*The task*:
Repeat every line of the data exactly; the pictures stay out.

····················

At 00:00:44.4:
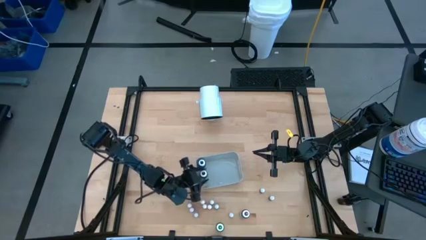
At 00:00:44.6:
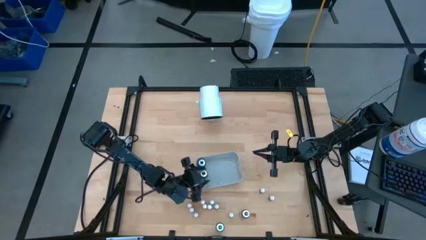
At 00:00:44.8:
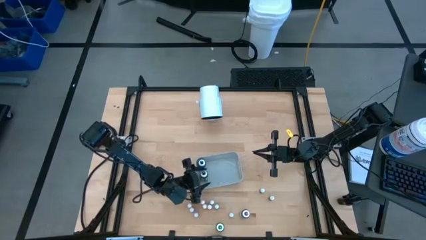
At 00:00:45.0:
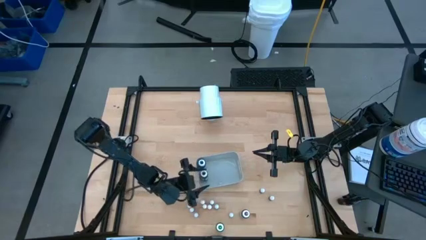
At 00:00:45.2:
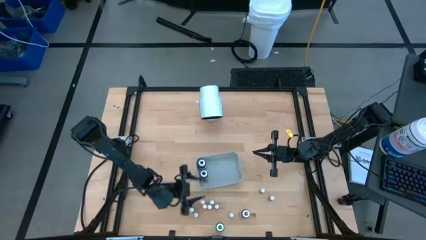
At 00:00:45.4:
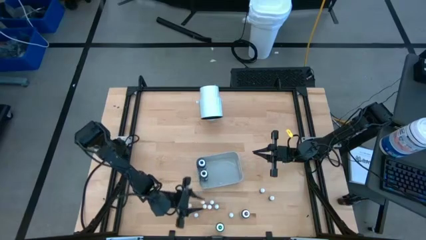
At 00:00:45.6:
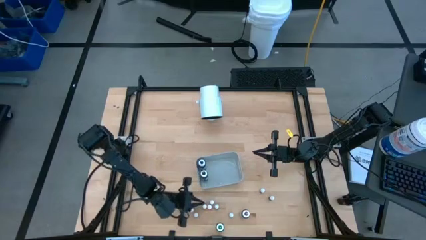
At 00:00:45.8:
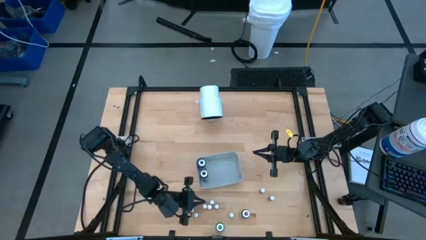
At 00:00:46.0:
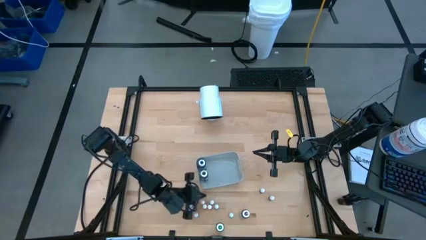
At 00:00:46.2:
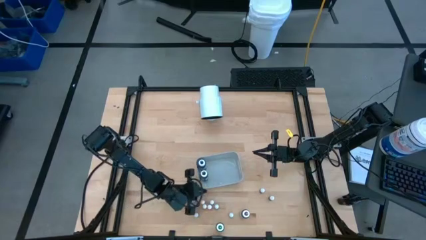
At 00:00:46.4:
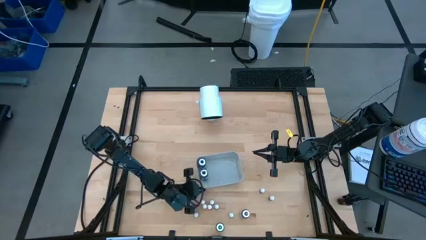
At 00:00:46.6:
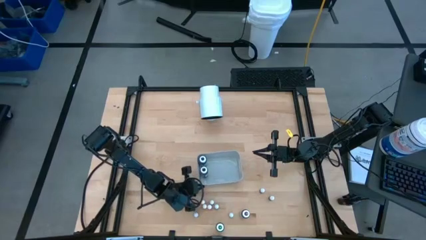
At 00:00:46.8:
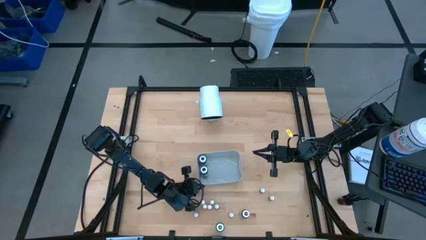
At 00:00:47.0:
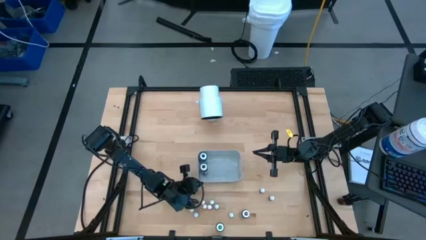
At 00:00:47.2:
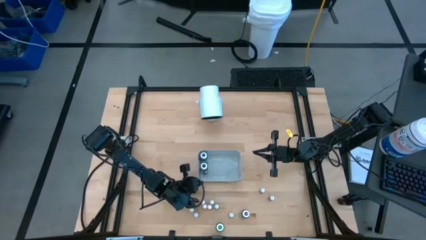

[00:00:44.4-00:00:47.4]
Task: Pick & Place food coloring
Adjust the gray bin

····················

*Your response*:
At 00:00:44.4:
At 00:00:44.6:
At 00:00:44.8:
At 00:00:45.0:
At 00:00:45.2:
At 00:00:45.4:
At 00:00:45.6:
At 00:00:45.8:
At 00:00:46.0:
At 00:00:46.2:
At 00:00:46.4:
At 00:00:46.6:
At 00:00:46.8:
At 00:00:47.0:
At 00:00:47.2:

[00:00:44.4-00:00:47.4]
Task: Pick & Place food coloring
Adjust the gray bin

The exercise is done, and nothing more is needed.